Floisme · 24/09/2023 09:40

It's fine if people think it's strange. We only run into problems when personal opinions - e.g. that an outfit should show off your figure - are presented as some kind of universal truth that only an idiot would ignore.

clowniform · 24/09/2023 09:56

@Gwenhwyfar agreed? And yet it's inevitable that posts on here asking if dress A or dress B is more currently fashionable or suitable for C context will get scads of 'Oh but X would be so much more flattering' 'You need Y to show off your fab figure!' 'Don't be such a trend sheep, Z is classic' type replies. While I don't really see clothes-first people piling on threads of 'Which makes me look slimmer, A or B?' with 'Wear Z it's art'.
It's a case of recognising the subjectivity of your personal tastes and not applying them indiscriminately to everyone else.

Spinet · 24/09/2023 10:05

As a fat person, I call bullshit on the body as canvas thing. I love it as an idea, actually, but think it applies only to thin bodies so the 'flattery' thing becomes irrelevant.

Gwenhwyfar · 24/09/2023 10:29

"It's a case of recognising the subjectivity of your personal tastes and not applying them indiscriminately to everyone else."

Everyone knows their taste is subjective surely? That's what S&B is, a place to give your opinion on what looks good.

NatashaDancing · 24/09/2023 10:36

Spinet · 24/09/2023 10:05

As a fat person, I call bullshit on the body as canvas thing. I love it as an idea, actually, but think it applies only to thin bodies so the 'flattery' thing becomes irrelevant.
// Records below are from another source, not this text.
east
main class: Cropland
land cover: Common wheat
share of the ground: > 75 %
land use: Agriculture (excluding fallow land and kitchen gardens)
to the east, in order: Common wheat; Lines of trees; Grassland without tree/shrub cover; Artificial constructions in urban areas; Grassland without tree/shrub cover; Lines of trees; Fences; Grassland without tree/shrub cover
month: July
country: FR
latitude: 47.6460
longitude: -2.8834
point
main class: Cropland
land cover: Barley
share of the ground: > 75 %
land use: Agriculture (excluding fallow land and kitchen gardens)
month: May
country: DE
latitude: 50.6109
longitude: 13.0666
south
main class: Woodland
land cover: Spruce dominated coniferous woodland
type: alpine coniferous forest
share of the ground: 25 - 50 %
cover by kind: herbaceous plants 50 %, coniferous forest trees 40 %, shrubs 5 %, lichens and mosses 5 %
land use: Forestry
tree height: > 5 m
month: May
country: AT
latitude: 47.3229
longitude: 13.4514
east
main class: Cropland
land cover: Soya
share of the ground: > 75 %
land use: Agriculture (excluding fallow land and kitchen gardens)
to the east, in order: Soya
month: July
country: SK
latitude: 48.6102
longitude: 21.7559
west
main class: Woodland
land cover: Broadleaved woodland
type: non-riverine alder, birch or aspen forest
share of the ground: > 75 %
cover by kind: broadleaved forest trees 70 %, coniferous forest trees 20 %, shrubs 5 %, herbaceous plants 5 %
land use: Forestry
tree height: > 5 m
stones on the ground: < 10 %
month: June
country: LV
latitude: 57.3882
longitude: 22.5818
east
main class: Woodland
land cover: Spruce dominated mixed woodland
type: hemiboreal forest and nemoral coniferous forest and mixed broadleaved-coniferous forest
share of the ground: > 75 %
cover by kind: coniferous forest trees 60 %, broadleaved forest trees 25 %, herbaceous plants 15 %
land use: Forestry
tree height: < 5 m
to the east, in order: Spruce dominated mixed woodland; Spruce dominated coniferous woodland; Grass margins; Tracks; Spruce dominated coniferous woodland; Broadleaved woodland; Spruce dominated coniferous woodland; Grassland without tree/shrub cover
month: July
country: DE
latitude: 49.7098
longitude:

Well you'd be mistaken. Although your post demonstrates the point Floisme is making.

DennySaid · 24/09/2023 14:09

I’m a bit fifty-fifty on all of this, but even for the fashion-as-art people is it not also about proportion? The stuff people post that seems unflattering often isn’t about size, it’s that the waistband is in the wrong place, or they are overpowered by the print, or the length looks visually awkward. If I wear a sack-like dress I’ll make sure it’s counterbalanced by hair up, or shoes that look right visually. I always think creating a great silhouette serves both aims, and makes the clothes look their best.

Dunno about the awkward compliments, always see it as a way just to soften the asked-for feedback. I don’t really like people commenting on my body in rl but here it seems par for the course.